Stored data entries
###

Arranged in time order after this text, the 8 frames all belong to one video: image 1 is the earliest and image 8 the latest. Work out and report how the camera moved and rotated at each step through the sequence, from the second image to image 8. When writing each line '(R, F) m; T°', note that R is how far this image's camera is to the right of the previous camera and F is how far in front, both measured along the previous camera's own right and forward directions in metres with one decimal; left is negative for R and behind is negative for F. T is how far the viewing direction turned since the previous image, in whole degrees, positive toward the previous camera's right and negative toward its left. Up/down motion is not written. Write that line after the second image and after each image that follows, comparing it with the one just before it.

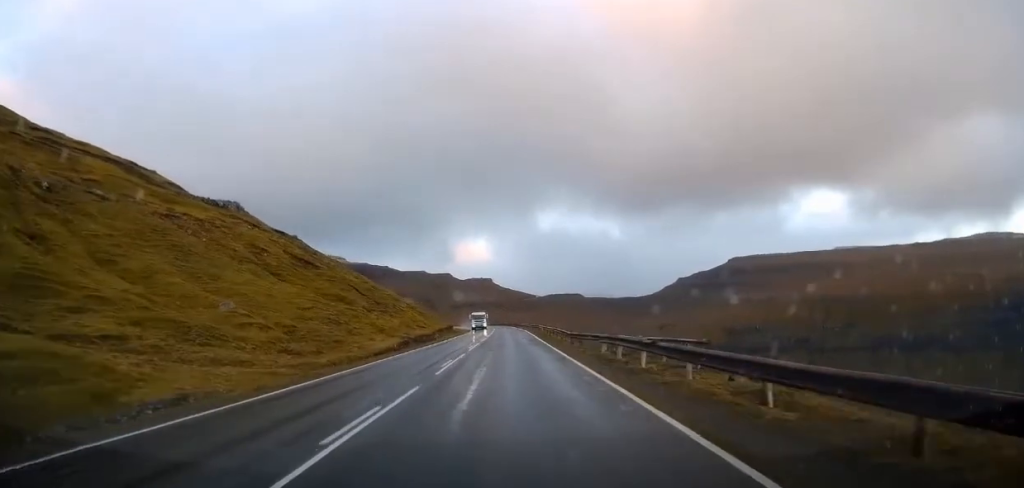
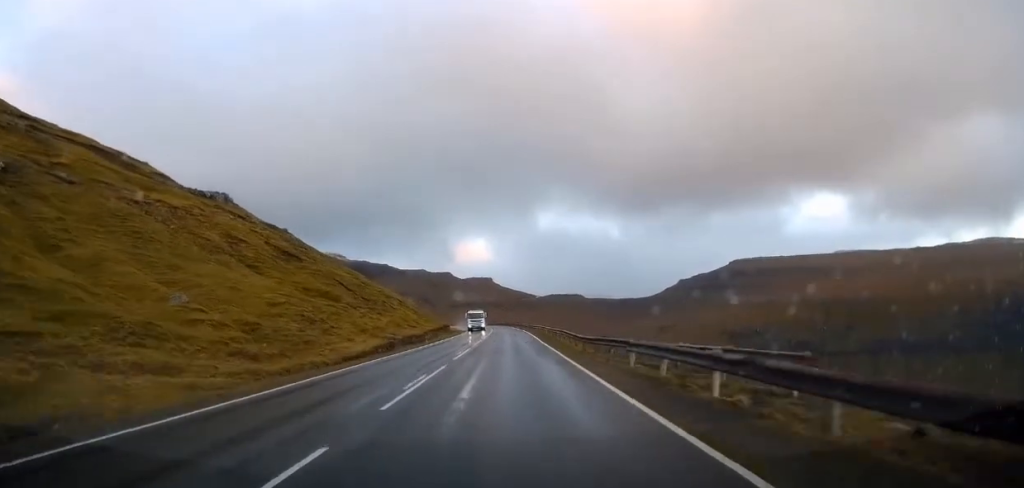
(-0.1, +6.2) m; 0°
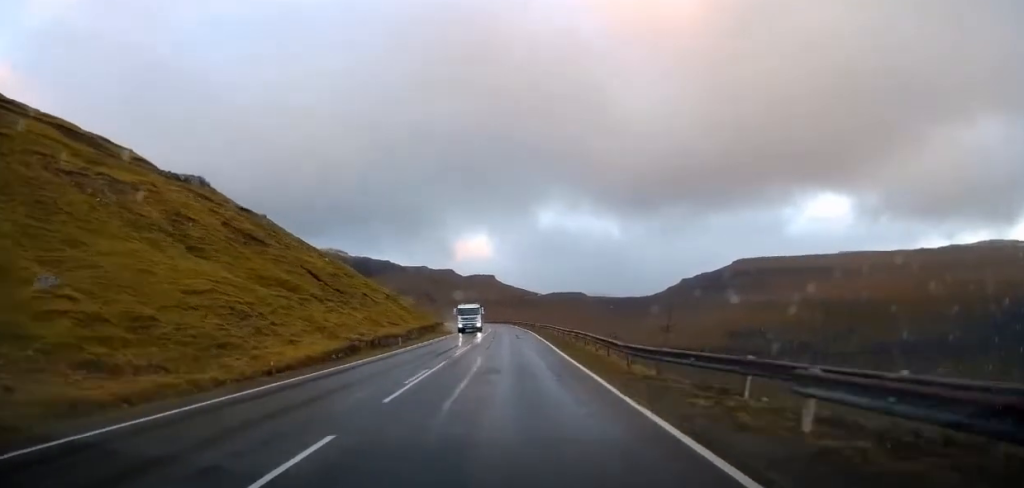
(+0.1, +11.3) m; 0°
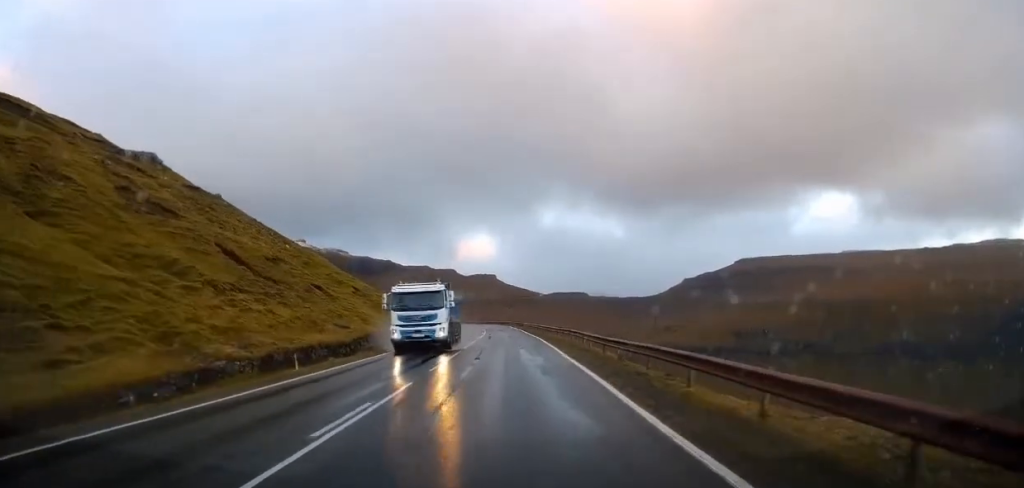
(-0.1, +16.9) m; 0°
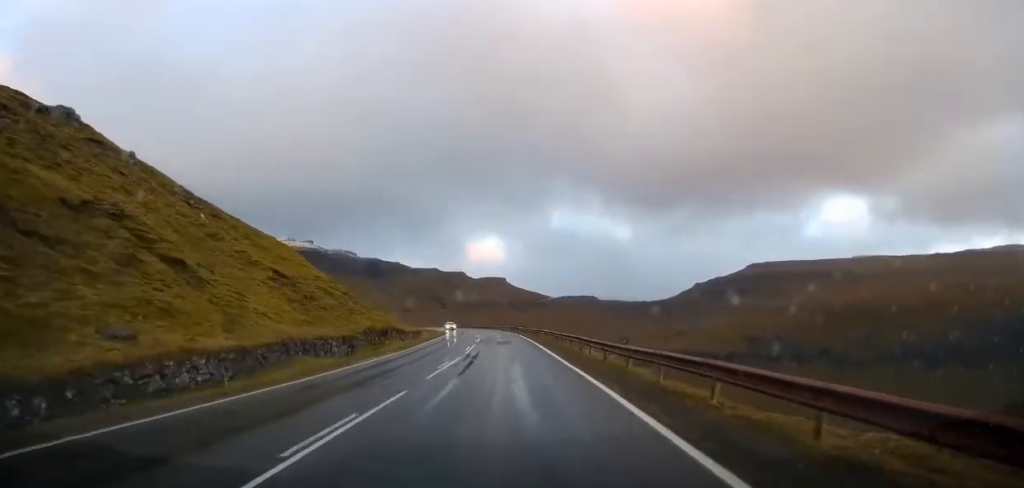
(+0.3, +24.2) m; 0°
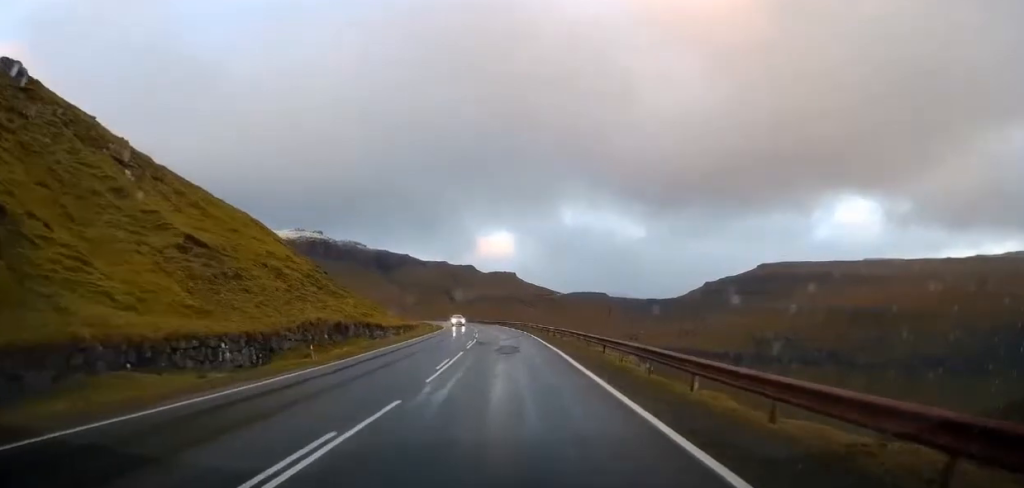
(-0.1, +13.9) m; -1°
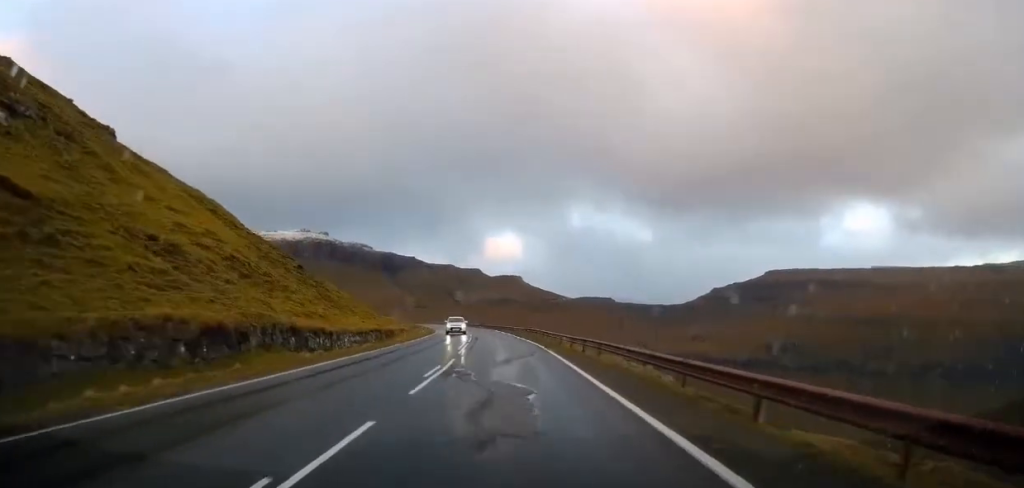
(-0.2, +14.4) m; -1°
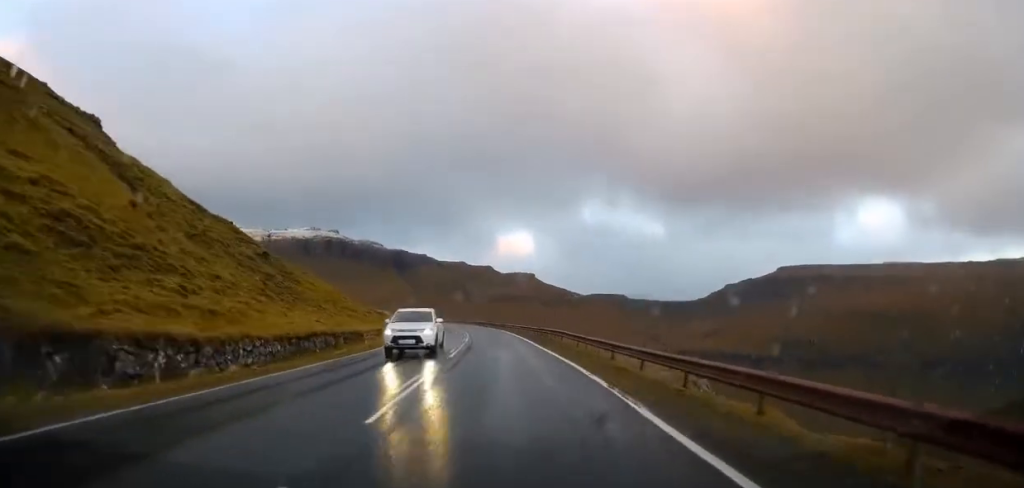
(-0.1, +15.0) m; 0°

###

## EXERCISE DIRECTIONS
The copy must match each record exactly, apart from the images, which stay out.

## ANSWER TO THE EXERCISE
Arranged in time order after this text, the 8 frames all belong to one video: image 1 is the earliest and image 8 the latest. Work out and report how the camera moved and rotated at each step through the sequence, from the second image to image 8. When writing each line '(R, F) m; T°', note that R is how far this image's camera is to the right of the previous camera and F is how far in front, both measured along the previous camera's own right and forward directions in metres with one decimal; left is negative for R and behind is negative for F. T is how far the viewing direction turned since the previous image, in whole degrees, positive toward the previous camera's right and negative toward its left. Up/down motion is not written. Write that line after the second image and after each image that follows, comparing it with the one just before it.

(-0.1, +6.2) m; 0°
(+0.1, +11.3) m; 0°
(-0.1, +16.9) m; 0°
(+0.3, +24.2) m; 0°
(-0.1, +13.9) m; -1°
(-0.2, +14.4) m; -1°
(-0.1, +15.0) m; 0°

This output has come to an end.